→ **Work to complete**
Could you copy every record below exactly, leaving out the pictures?
-------- Information shown
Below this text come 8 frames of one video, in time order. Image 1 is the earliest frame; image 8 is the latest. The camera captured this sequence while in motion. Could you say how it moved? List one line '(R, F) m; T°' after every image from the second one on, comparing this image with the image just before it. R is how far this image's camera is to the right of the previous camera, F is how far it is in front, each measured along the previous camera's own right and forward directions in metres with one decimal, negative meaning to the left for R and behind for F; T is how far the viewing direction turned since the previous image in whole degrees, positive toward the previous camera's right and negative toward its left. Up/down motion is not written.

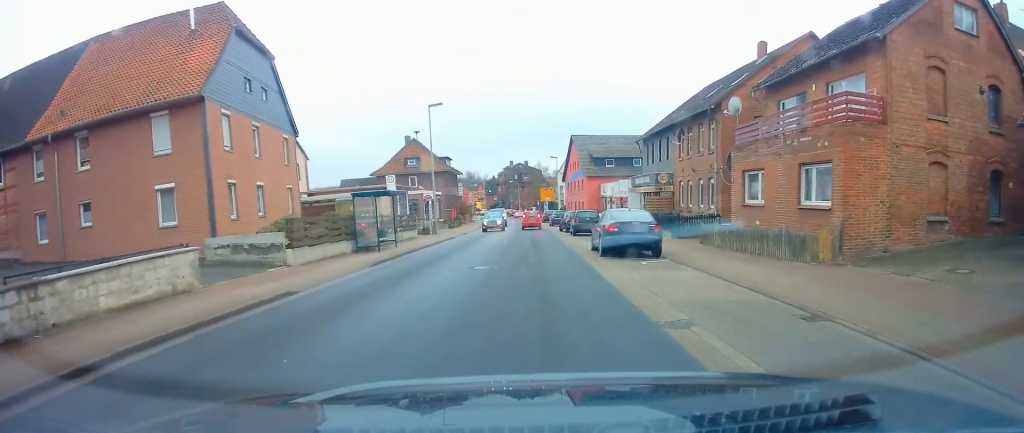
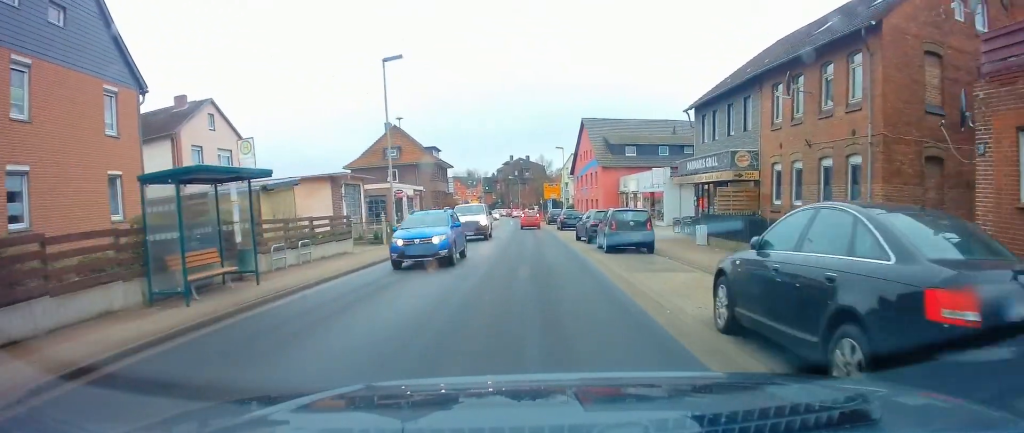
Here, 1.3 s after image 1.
(-0.2, +13.7) m; 0°
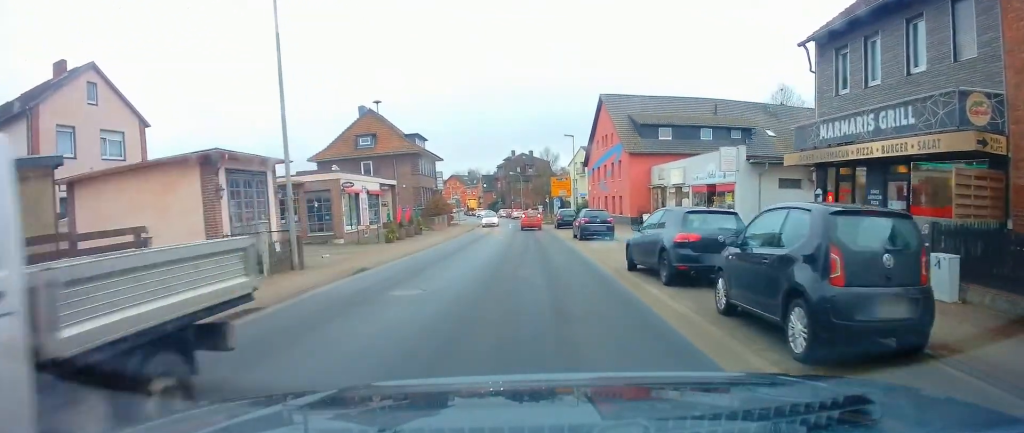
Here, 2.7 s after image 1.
(+0.2, +13.5) m; +1°
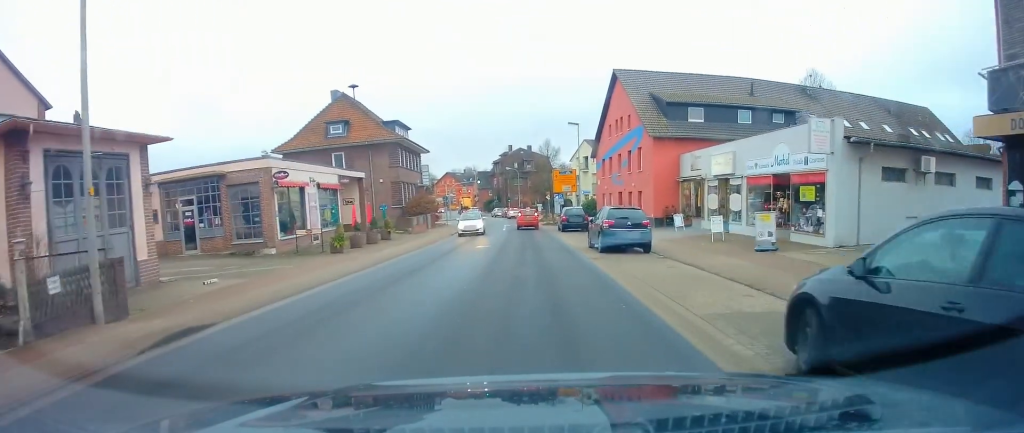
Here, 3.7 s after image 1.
(0.0, +8.8) m; -1°
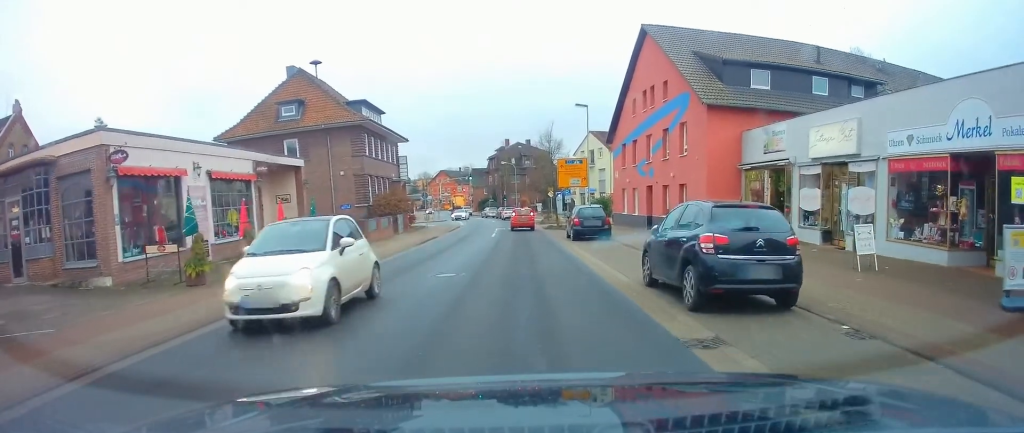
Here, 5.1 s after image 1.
(-0.2, +10.8) m; -1°
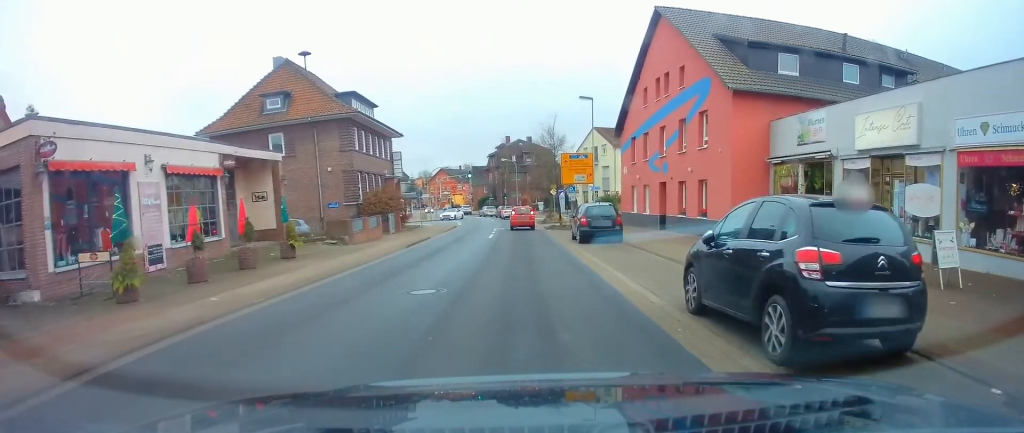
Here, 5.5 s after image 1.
(0.0, +2.8) m; +1°
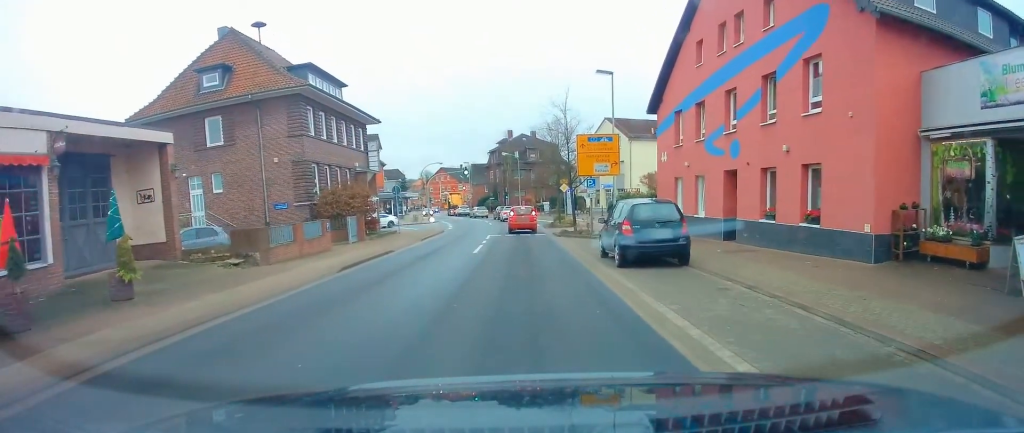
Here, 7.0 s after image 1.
(+0.1, +9.0) m; 0°
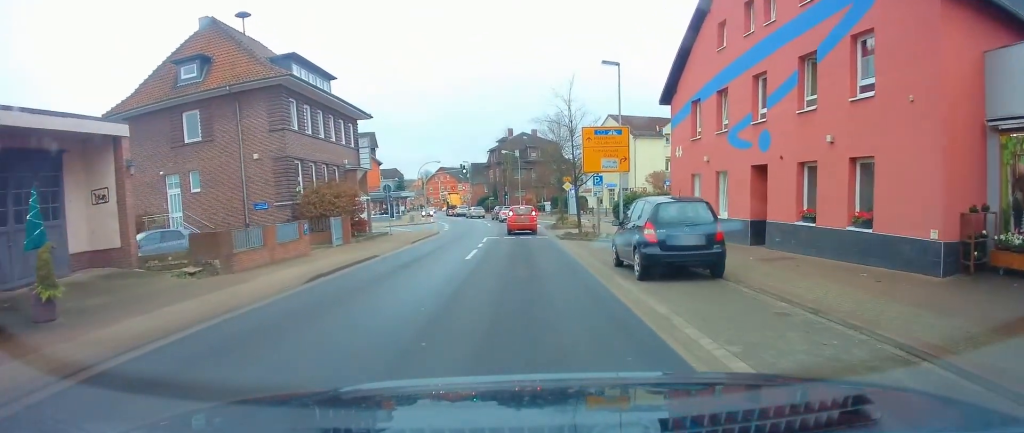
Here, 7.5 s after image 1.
(-0.1, +2.3) m; +1°
----------------
→ **Result of the task**
Below this text come 8 frames of one video, in time order. Image 1 is the earliest frame; image 8 is the latest. The camera captured this sequence while in motion. Could you say how it moved? List one line '(R, F) m; T°' after every image from the second one on, comparing this image with the image just before it. R is how far this image's camera is to the right of the previous camera, F is how far it is in front, each measured along the previous camera's own right and forward directions in metres with one decimal, negative meaning to the left for R and behind for F; T is how far the viewing direction turned since the previous image in whole degrees, positive toward the previous camera's right and negative toward its left. Up/down motion is not written.

Here, 1.3 s after image 1.
(-0.2, +13.7) m; 0°
Here, 2.7 s after image 1.
(+0.2, +13.5) m; +1°
Here, 3.7 s after image 1.
(0.0, +8.8) m; -1°
Here, 5.1 s after image 1.
(-0.2, +10.8) m; -1°
Here, 5.5 s after image 1.
(0.0, +2.8) m; +1°
Here, 7.0 s after image 1.
(+0.1, +9.0) m; 0°
Here, 7.5 s after image 1.
(-0.1, +2.3) m; +1°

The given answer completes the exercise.